On Mon, May 16, 2011 at 11:25 PM, Heiko Baums email@example.com wrote:
Am Mon, 16 May 2011 20:28:17 +0200 schrieb Tom Gundersen firstname.lastname@example.org:
I think the TIMEZONE variable in rc.conf is unnecessary and it causes some problems with other (especially GUI) tools.
Since when is it unnecessary and why?
The only time you need to set the timezone, is when you actually change timezone. It is therefore not necessary to do this at every boot.
Setting the timezone is done by somehow writing the timezone info to /etc/localtime. The TIMEZONE variable in rc.conf is a convenient way of doing this, but it has some drawbacks. They are caused by two things: the timezone setting in rc.conf is only applied at boot, and other tools are not aware of rc.conf so any changes they make are later ignored.
And since when does it cause problems with other tools and which problems does it cause? I never had any issues with this, neither with KDE nor with Xfce.
To see a problem (as mentioned earlier): change your (system-wide) timezone in KDE, reboot, check timezone. Timezone was reset to whatever was in rc.conf (which was not updated when you updated your timezone in KDE).

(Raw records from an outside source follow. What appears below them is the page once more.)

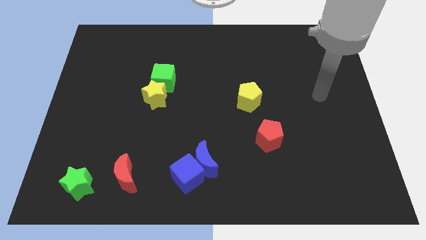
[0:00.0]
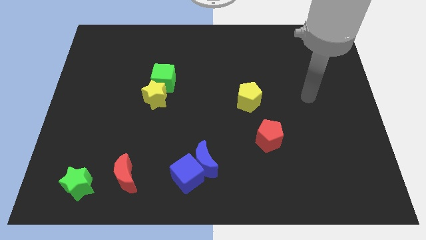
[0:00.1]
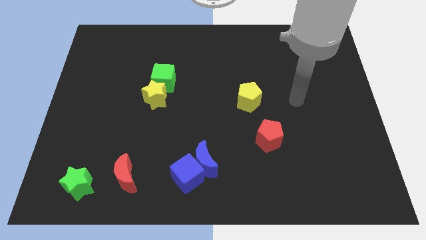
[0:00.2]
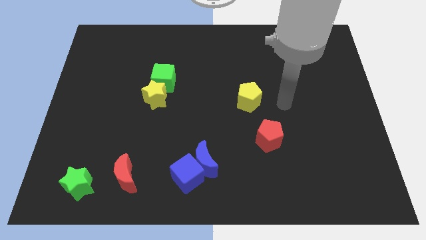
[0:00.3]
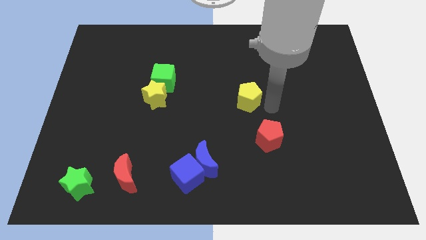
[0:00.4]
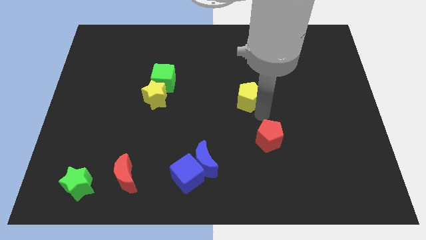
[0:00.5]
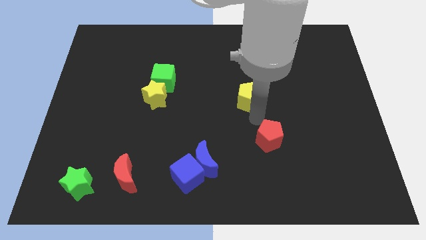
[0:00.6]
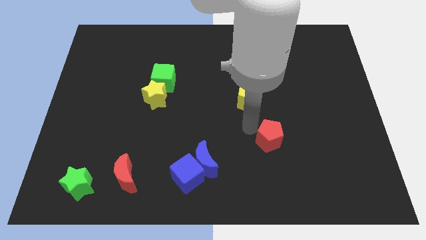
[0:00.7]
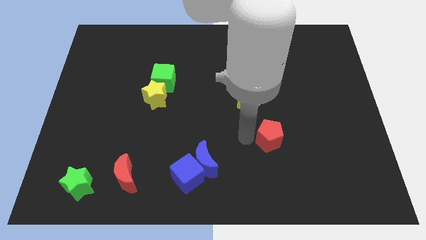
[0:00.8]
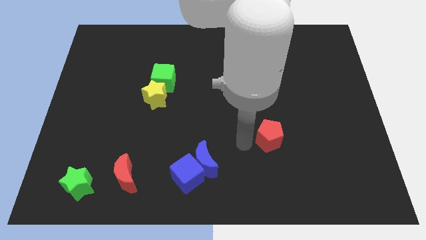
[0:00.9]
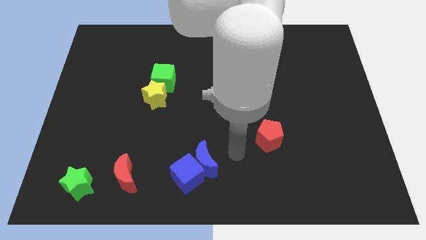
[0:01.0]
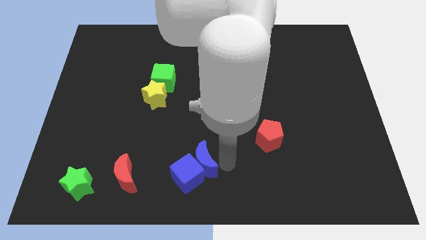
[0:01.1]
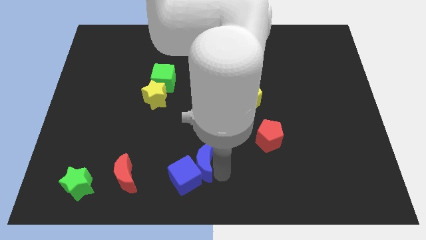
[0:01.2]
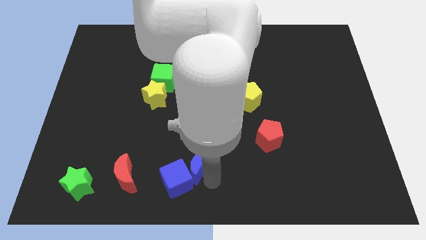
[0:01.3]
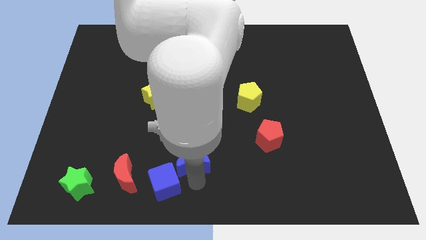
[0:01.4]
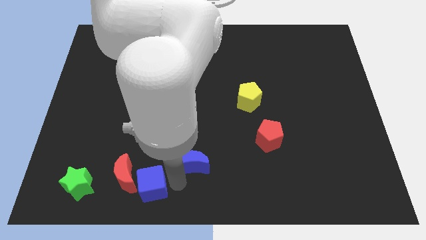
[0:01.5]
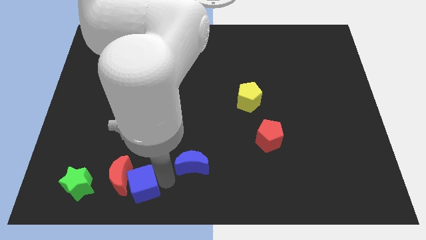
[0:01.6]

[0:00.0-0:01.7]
move the blue moon away from the blue cube

Alternatively: set your timezone in rc.conf and observe that it (obviously, if you know how it works) is not applied until next reboot.

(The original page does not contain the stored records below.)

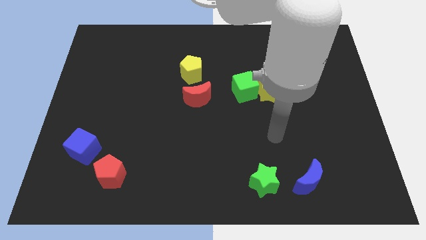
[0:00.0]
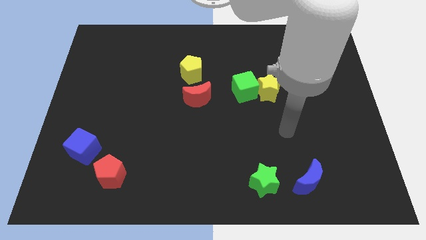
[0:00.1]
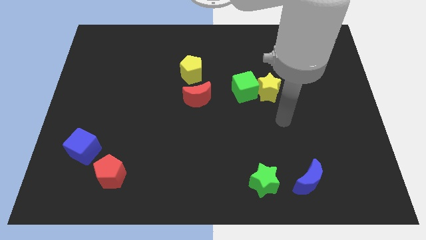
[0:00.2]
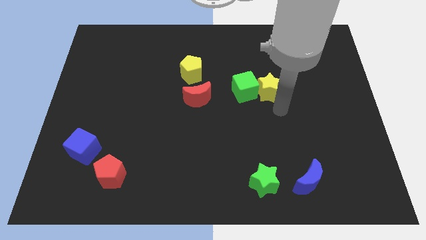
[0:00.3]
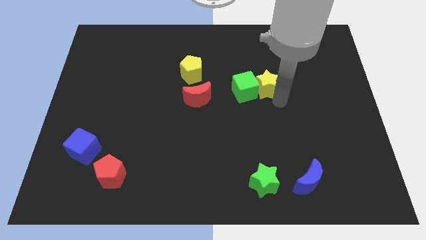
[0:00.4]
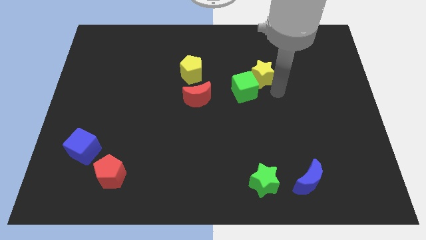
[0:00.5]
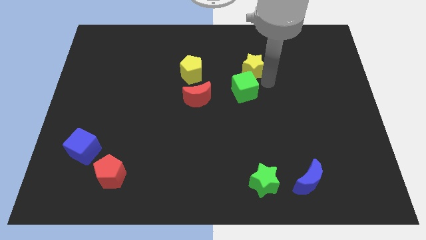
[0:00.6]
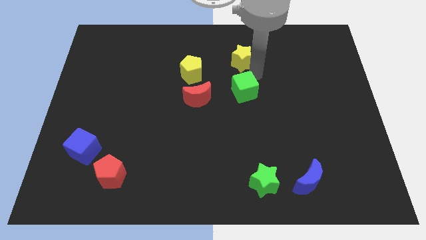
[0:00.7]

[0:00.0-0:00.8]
move the green cube away from the yellow star

And there are not only GUI tools but also CLI tools which also need a correctly set timezone.
Yes, we obviously need a correctly set timezone. The question is how to set it. If there are CLI tools that set the timezone, they will have the same problems as outlined for KDE, unless they are patched to update rc.conf.
And what's wrong with the current way of setting a timezone? As far as I know this is the standard way of setting a timezone on Linux, at least Gentoo does it the same way since years.

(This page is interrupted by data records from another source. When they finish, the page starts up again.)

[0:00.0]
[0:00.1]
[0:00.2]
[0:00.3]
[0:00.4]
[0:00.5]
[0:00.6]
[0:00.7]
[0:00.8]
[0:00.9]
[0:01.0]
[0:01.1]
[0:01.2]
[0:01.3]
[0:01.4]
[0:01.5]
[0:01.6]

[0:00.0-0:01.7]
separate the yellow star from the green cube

As far as I know Gentoo does the same as Arch, I'm not sure what Ubuntu does and Fedora/OpenSuse do what I propose.
That said it's obvious that there must be a way to set a system wide timezone at boot time. The current method is, btw., much better, since simpler and easier (KISS), than an /etc/rc.d/timezone method.
The simplest way is to do nothing at all during boot.
You only need to set the timezone at install and if it actually has changed, in which case you use a tool (gui/cli) or copy by hand to set /etc/localtime.